[Collection entries]
______________________________

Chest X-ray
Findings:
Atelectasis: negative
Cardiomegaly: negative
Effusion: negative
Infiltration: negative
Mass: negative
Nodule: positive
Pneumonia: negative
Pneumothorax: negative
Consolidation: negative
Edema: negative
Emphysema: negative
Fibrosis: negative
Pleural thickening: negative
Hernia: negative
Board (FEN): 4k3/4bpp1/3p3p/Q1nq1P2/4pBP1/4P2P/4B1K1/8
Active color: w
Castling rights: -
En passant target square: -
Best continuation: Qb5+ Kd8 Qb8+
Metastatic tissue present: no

______________________________

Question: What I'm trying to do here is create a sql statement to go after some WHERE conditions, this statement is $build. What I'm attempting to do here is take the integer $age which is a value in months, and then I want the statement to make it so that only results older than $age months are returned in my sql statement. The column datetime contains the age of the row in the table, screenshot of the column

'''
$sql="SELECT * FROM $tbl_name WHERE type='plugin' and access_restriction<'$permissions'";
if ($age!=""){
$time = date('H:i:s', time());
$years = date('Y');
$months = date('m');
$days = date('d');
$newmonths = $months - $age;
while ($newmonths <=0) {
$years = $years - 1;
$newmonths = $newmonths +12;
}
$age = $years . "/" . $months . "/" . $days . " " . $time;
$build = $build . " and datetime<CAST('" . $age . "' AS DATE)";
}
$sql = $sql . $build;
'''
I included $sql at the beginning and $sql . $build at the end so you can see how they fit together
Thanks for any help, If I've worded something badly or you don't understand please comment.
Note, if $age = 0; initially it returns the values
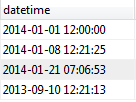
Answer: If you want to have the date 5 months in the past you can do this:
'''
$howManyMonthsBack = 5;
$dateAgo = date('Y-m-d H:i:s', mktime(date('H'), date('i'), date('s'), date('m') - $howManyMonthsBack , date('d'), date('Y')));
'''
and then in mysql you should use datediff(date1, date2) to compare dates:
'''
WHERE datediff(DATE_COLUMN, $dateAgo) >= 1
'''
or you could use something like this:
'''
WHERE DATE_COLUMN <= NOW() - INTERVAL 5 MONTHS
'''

______________________________

# [How to complete this task]
Among the entries above, the lines between the ones containing "Chest X-ray" and "Fibrosis: negative", inclusive, are to be transcribed exactly. No other line is to be given.

# [Result]
Chest X-ray
Findings:
Atelectasis: negative
Cardiomegaly: negative
Effusion: negative
Infiltration: negative
Mass: negative
Nodule: positive
Pneumonia: negative
Pneumothorax: negative
Consolidation: negative
Edema: negative
Emphysema: negative
Fibrosis: negative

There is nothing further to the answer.